* [THE TASK] Repeat the whole listing exactly, leaving nothing out.
----
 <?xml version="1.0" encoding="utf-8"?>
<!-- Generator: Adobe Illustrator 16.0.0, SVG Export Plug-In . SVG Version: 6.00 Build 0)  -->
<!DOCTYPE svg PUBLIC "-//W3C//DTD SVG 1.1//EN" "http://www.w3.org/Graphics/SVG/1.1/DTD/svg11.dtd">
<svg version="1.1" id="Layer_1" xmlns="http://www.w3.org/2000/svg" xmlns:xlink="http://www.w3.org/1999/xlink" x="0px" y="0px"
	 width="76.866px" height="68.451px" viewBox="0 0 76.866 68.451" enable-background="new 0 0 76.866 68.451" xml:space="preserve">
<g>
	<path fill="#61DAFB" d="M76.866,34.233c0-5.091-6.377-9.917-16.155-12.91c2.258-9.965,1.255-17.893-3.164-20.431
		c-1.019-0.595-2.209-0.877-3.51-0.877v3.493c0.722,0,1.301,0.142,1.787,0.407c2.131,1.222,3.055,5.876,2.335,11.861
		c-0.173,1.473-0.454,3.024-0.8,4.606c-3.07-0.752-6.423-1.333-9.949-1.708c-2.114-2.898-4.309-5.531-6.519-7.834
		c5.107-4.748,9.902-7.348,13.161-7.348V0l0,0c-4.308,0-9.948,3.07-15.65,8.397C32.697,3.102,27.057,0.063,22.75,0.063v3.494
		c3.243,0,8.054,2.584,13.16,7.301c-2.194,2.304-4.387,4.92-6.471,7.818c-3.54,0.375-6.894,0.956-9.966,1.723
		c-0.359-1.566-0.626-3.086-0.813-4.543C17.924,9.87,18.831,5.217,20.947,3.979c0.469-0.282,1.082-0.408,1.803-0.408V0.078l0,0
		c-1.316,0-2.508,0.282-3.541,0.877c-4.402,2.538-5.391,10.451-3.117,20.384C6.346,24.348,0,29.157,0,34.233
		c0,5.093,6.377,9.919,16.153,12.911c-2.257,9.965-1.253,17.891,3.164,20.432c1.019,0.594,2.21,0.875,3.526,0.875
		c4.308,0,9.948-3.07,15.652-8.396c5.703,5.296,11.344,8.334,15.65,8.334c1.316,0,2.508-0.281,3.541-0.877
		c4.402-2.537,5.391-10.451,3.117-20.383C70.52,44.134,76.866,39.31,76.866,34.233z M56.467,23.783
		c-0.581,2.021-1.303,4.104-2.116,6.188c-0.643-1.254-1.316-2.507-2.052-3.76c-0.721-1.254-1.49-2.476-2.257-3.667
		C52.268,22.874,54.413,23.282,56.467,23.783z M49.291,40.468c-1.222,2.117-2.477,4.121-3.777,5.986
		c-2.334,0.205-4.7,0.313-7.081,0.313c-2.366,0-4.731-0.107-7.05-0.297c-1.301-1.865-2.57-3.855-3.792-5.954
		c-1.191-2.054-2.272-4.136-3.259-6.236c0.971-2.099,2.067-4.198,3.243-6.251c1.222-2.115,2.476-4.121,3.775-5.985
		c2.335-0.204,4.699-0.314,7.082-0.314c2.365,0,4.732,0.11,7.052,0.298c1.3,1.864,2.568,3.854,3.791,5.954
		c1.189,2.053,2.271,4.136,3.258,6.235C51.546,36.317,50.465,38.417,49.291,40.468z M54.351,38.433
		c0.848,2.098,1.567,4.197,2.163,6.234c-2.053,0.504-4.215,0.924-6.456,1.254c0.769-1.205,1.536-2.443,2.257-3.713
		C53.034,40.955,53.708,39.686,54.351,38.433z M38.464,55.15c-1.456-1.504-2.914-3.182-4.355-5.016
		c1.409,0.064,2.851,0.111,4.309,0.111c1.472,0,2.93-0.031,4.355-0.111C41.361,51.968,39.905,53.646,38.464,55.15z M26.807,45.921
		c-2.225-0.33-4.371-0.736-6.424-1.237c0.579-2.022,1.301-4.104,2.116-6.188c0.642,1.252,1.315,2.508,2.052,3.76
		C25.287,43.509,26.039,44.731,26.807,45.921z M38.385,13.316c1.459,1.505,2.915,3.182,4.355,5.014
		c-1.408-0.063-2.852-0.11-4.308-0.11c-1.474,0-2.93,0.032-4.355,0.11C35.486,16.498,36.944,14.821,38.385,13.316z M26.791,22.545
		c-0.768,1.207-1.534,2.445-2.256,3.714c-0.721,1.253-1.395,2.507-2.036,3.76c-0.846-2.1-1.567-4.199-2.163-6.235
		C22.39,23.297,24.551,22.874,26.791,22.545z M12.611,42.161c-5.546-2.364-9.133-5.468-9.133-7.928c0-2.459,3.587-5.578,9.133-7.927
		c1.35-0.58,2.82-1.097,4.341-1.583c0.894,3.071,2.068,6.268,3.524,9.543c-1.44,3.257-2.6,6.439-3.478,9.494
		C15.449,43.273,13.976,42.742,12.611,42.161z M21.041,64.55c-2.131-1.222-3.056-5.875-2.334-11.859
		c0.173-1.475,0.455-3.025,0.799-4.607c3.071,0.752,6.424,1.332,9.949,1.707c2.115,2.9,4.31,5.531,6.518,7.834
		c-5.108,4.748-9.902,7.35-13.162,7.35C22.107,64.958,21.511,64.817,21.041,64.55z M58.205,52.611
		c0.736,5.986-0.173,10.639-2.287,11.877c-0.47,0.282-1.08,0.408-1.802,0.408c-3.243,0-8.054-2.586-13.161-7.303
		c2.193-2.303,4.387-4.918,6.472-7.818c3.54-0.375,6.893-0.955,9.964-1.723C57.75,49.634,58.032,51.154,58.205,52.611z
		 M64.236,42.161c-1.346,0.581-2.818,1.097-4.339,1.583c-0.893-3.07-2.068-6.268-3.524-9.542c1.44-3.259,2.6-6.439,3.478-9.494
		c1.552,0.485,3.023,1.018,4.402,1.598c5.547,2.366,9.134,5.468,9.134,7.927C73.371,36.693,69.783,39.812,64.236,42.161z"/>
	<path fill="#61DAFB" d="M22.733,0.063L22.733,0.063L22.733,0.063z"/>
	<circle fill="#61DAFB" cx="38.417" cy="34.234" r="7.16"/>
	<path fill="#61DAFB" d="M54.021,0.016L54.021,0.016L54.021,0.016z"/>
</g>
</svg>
----
* [FINAL ANSWER]
 <?xml version="1.0" encoding="utf-8"?>
<!-- Generator: Adobe Illustrator 16.0.0, SVG Export Plug-In . SVG Version: 6.00 Build 0)  -->
<!DOCTYPE svg PUBLIC "-//W3C//DTD SVG 1.1//EN" "http://www.w3.org/Graphics/SVG/1.1/DTD/svg11.dtd">
<svg version="1.1" id="Layer_1" xmlns="http://www.w3.org/2000/svg" xmlns:xlink="http://www.w3.org/1999/xlink" x="0px" y="0px"
	 width="76.866px" height="68.451px" viewBox="0 0 76.866 68.451" enable-background="new 0 0 76.866 68.451" xml:space="preserve">
<g>
	<path fill="#61DAFB" d="M76.866,34.233c0-5.091-6.377-9.917-16.155-12.91c2.258-9.965,1.255-17.893-3.164-20.431
		c-1.019-0.595-2.209-0.877-3.51-0.877v3.493c0.722,0,1.301,0.142,1.787,0.407c2.131,1.222,3.055,5.876,2.335,11.861
		c-0.173,1.473-0.454,3.024-0.8,4.606c-3.07-0.752-6.423-1.333-9.949-1.708c-2.114-2.898-4.309-5.531-6.519-7.834
		c5.107-4.748,9.902-7.348,13.161-7.348V0l0,0c-4.308,0-9.948,3.07-15.65,8.397C32.697,3.102,27.057,0.063,22.75,0.063v3.494
		c3.243,0,8.054,2.584,13.16,7.301c-2.194,2.304-4.387,4.92-6.471,7.818c-3.54,0.375-6.894,0.956-9.966,1.723
		c-0.359-1.566-0.626-3.086-0.813-4.543C17.924,9.87,18.831,5.217,20.947,3.979c0.469-0.282,1.082-0.408,1.803-0.408V0.078l0,0
		c-1.316,0-2.508,0.282-3.541,0.877c-4.402,2.538-5.391,10.451-3.117,20.384C6.346,24.348,0,29.157,0,34.233
		c0,5.093,6.377,9.919,16.153,12.911c-2.257,9.965-1.253,17.891,3.164,20.432c1.019,0.594,2.21,0.875,3.526,0.875
		c4.308,0,9.948-3.07,15.652-8.396c5.703,5.296,11.344,8.334,15.65,8.334c1.316,0,2.508-0.281,3.541-0.877
		c4.402-2.537,5.391-10.451,3.117-20.383C70.52,44.134,76.866,39.31,76.866,34.233z M56.467,23.783
		c-0.581,2.021-1.303,4.104-2.116,6.188c-0.643-1.254-1.316-2.507-2.052-3.76c-0.721-1.254-1.49-2.476-2.257-3.667
		C52.268,22.874,54.413,23.282,56.467,23.783z M49.291,40.468c-1.222,2.117-2.477,4.121-3.777,5.986
		c-2.334,0.205-4.7,0.313-7.081,0.313c-2.366,0-4.731-0.107-7.05-0.297c-1.301-1.865-2.57-3.855-3.792-5.954
		c-1.191-2.054-2.272-4.136-3.259-6.236c0.971-2.099,2.067-4.198,3.243-6.251c1.222-2.115,2.476-4.121,3.775-5.985
		c2.335-0.204,4.699-0.314,7.082-0.314c2.365,0,4.732,0.11,7.052,0.298c1.3,1.864,2.568,3.854,3.791,5.954
		c1.189,2.053,2.271,4.136,3.258,6.235C51.546,36.317,50.465,38.417,49.291,40.468z M54.351,38.433
		c0.848,2.098,1.567,4.197,2.163,6.234c-2.053,0.504-4.215,0.924-6.456,1.254c0.769-1.205,1.536-2.443,2.257-3.713
		C53.034,40.955,53.708,39.686,54.351,38.433z M38.464,55.15c-1.456-1.504-2.914-3.182-4.355-5.016
		c1.409,0.064,2.851,0.111,4.309,0.111c1.472,0,2.93-0.031,4.355-0.111C41.361,51.968,39.905,53.646,38.464,55.15z M26.807,45.921
		c-2.225-0.33-4.371-0.736-6.424-1.237c0.579-2.022,1.301-4.104,2.116-6.188c0.642,1.252,1.315,2.508,2.052,3.76
		C25.287,43.509,26.039,44.731,26.807,45.921z M38.385,13.316c1.459,1.505,2.915,3.182,4.355,5.014
		c-1.408-0.063-2.852-0.11-4.308-0.11c-1.474,0-2.93,0.032-4.355,0.11C35.486,16.498,36.944,14.821,38.385,13.316z M26.791,22.545
		c-0.768,1.207-1.534,2.445-2.256,3.714c-0.721,1.253-1.395,2.507-2.036,3.76c-0.846-2.1-1.567-4.199-2.163-6.235
		C22.39,23.297,24.551,22.874,26.791,22.545z M12.611,42.161c-5.546-2.364-9.133-5.468-9.133-7.928c0-2.459,3.587-5.578,9.133-7.927
		c1.35-0.58,2.82-1.097,4.341-1.583c0.894,3.071,2.068,6.268,3.524,9.543c-1.44,3.257-2.6,6.439-3.478,9.494
		C15.449,43.273,13.976,42.742,12.611,42.161z M21.041,64.55c-2.131-1.222-3.056-5.875-2.334-11.859
		c0.173-1.475,0.455-3.025,0.799-4.607c3.071,0.752,6.424,1.332,9.949,1.707c2.115,2.9,4.31,5.531,6.518,7.834
		c-5.108,4.748-9.902,7.35-13.162,7.35C22.107,64.958,21.511,64.817,21.041,64.55z M58.205,52.611
		c0.736,5.986-0.173,10.639-2.287,11.877c-0.47,0.282-1.08,0.408-1.802,0.408c-3.243,0-8.054-2.586-13.161-7.303
		c2.193-2.303,4.387-4.918,6.472-7.818c3.54-0.375,6.893-0.955,9.964-1.723C57.75,49.634,58.032,51.154,58.205,52.611z
		 M64.236,42.161c-1.346,0.581-2.818,1.097-4.339,1.583c-0.893-3.07-2.068-6.268-3.524-9.542c1.44-3.259,2.6-6.439,3.478-9.494
		c1.552,0.485,3.023,1.018,4.402,1.598c5.547,2.366,9.134,5.468,9.134,7.927C73.371,36.693,69.783,39.812,64.236,42.161z"/>
	<path fill="#61DAFB" d="M22.733,0.063L22.733,0.063L22.733,0.063z"/>
	<circle fill="#61DAFB" cx="38.417" cy="34.234" r="7.16"/>
	<path fill="#61DAFB" d="M54.021,0.016L54.021,0.016L54.021,0.016z"/>
</g>
</svg>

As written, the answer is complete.